EXERCISE BRIEF => Return the listing below character for character.

RECORDS FOR THIS TASK =>
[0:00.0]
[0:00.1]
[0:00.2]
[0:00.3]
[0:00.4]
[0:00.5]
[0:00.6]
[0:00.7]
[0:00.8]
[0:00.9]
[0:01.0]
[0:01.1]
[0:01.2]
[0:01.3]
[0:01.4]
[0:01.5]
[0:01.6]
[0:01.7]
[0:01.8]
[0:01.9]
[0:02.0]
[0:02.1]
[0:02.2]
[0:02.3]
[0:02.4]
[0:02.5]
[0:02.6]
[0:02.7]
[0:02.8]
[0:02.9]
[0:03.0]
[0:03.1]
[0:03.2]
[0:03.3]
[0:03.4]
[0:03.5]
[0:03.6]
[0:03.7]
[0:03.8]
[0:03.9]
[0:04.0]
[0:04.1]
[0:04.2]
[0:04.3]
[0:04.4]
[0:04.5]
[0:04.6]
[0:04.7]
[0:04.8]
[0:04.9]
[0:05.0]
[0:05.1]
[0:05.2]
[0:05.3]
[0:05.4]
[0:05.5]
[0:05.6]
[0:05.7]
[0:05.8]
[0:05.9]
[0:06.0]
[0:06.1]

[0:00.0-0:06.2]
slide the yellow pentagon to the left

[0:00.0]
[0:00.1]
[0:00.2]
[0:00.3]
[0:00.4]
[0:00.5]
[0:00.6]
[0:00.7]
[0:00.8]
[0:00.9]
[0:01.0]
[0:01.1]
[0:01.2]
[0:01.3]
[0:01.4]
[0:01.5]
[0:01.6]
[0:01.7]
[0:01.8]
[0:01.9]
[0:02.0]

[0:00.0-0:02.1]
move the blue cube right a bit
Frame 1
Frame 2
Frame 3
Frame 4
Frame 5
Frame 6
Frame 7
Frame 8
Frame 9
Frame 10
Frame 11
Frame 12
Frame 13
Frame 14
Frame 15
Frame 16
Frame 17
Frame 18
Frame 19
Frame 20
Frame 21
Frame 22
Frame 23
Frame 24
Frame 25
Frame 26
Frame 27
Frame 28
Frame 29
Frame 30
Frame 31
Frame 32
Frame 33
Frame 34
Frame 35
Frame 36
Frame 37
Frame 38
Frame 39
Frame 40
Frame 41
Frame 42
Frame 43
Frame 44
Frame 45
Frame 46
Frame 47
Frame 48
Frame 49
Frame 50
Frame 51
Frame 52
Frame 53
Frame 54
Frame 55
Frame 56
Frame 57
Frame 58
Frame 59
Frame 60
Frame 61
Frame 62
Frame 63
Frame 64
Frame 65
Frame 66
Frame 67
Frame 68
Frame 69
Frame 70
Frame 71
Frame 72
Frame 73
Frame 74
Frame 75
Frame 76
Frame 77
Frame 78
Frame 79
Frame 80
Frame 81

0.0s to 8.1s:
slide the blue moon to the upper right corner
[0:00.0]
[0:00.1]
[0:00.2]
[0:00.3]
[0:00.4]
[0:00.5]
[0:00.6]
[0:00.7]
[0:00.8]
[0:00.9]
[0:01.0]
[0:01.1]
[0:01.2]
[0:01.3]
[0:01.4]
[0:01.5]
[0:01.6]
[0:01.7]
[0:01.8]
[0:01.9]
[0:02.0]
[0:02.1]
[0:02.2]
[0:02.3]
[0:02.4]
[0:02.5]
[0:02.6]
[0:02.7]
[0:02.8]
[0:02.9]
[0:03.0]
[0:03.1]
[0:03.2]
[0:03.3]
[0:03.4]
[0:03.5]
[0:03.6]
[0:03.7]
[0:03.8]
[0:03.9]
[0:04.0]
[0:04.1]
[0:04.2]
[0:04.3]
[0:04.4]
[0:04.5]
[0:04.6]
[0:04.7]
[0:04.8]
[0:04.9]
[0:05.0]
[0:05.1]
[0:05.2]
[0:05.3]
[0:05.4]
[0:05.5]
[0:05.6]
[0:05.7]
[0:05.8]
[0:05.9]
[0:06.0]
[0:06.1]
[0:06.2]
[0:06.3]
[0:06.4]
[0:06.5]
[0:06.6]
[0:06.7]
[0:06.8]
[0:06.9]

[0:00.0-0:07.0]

EXPECTED ANSWER =>
[0:00.0]
[0:00.1]
[0:00.2]
[0:00.3]
[0:00.4]
[0:00.5]
[0:00.6]
[0:00.7]
[0:00.8]
[0:00.9]
[0:01.0]
[0:01.1]
[0:01.2]
[0:01.3]
[0:01.4]
[0:01.5]
[0:01.6]
[0:01.7]
[0:01.8]
[0:01.9]
[0:02.0]
[0:02.1]
[0:02.2]
[0:02.3]
[0:02.4]
[0:02.5]
[0:02.6]
[0:02.7]
[0:02.8]
[0:02.9]
[0:03.0]
[0:03.1]
[0:03.2]
[0:03.3]
[0:03.4]
[0:03.5]
[0:03.6]
[0:03.7]
[0:03.8]
[0:03.9]
[0:04.0]
[0:04.1]
[0:04.2]
[0:04.3]
[0:04.4]
[0:04.5]
[0:04.6]
[0:04.7]
[0:04.8]
[0:04.9]
[0:05.0]
[0:05.1]
[0:05.2]
[0:05.3]
[0:05.4]
[0:05.5]
[0:05.6]
[0:05.7]
[0:05.8]
[0:05.9]
[0:06.0]
[0:06.1]

[0:00.0-0:06.2]
slide the yellow pentagon to the left

[0:00.0]
[0:00.1]
[0:00.2]
[0:00.3]
[0:00.4]
[0:00.5]
[0:00.6]
[0:00.7]
[0:00.8]
[0:00.9]
[0:01.0]
[0:01.1]
[0:01.2]
[0:01.3]
[0:01.4]
[0:01.5]
[0:01.6]
[0:01.7]
[0:01.8]
[0:01.9]
[0:02.0]

[0:00.0-0:02.1]
move the blue cube right a bit
Frame 1
Frame 2
Frame 3
Frame 4
Frame 5
Frame 6
Frame 7
Frame 8
Frame 9
Frame 10
Frame 11
Frame 12
Frame 13
Frame 14
Frame 15
Frame 16
Frame 17
Frame 18
Frame 19
Frame 20
Frame 21
Frame 22
Frame 23
Frame 24
Frame 25
Frame 26
Frame 27
Frame 28
Frame 29
Frame 30
Frame 31
Frame 32
Frame 33
Frame 34
Frame 35
Frame 36
Frame 37
Frame 38
Frame 39
Frame 40
Frame 41
Frame 42
Frame 43
Frame 44
Frame 45
Frame 46
Frame 47
Frame 48
Frame 49
Frame 50
Frame 51
Frame 52
Frame 53
Frame 54
Frame 55
Frame 56
Frame 57
Frame 58
Frame 59
Frame 60
Frame 61
Frame 62
Frame 63
Frame 64
Frame 65
Frame 66
Frame 67
Frame 68
Frame 69
Frame 70
Frame 71
Frame 72
Frame 73
Frame 74
Frame 75
Frame 76
Frame 77
Frame 78
Frame 79
Frame 80
Frame 81

0.0s to 8.1s:
slide the blue moon to the upper right corner
[0:00.0]
[0:00.1]
[0:00.2]
[0:00.3]
[0:00.4]
[0:00.5]
[0:00.6]
[0:00.7]
[0:00.8]
[0:00.9]
[0:01.0]
[0:01.1]
[0:01.2]
[0:01.3]
[0:01.4]
[0:01.5]
[0:01.6]
[0:01.7]
[0:01.8]
[0:01.9]
[0:02.0]
[0:02.1]
[0:02.2]
[0:02.3]
[0:02.4]
[0:02.5]
[0:02.6]
[0:02.7]
[0:02.8]
[0:02.9]
[0:03.0]
[0:03.1]
[0:03.2]
[0:03.3]
[0:03.4]
[0:03.5]
[0:03.6]
[0:03.7]
[0:03.8]
[0:03.9]
[0:04.0]
[0:04.1]
[0:04.2]
[0:04.3]
[0:04.4]
[0:04.5]
[0:04.6]
[0:04.7]
[0:04.8]
[0:04.9]
[0:05.0]
[0:05.1]
[0:05.2]
[0:05.3]
[0:05.4]
[0:05.5]
[0:05.6]
[0:05.7]
[0:05.8]
[0:05.9]
[0:06.0]
[0:06.1]
[0:06.2]
[0:06.3]
[0:06.4]
[0:06.5]
[0:06.6]
[0:06.7]
[0:06.8]
[0:06.9]

[0:00.0-0:07.0]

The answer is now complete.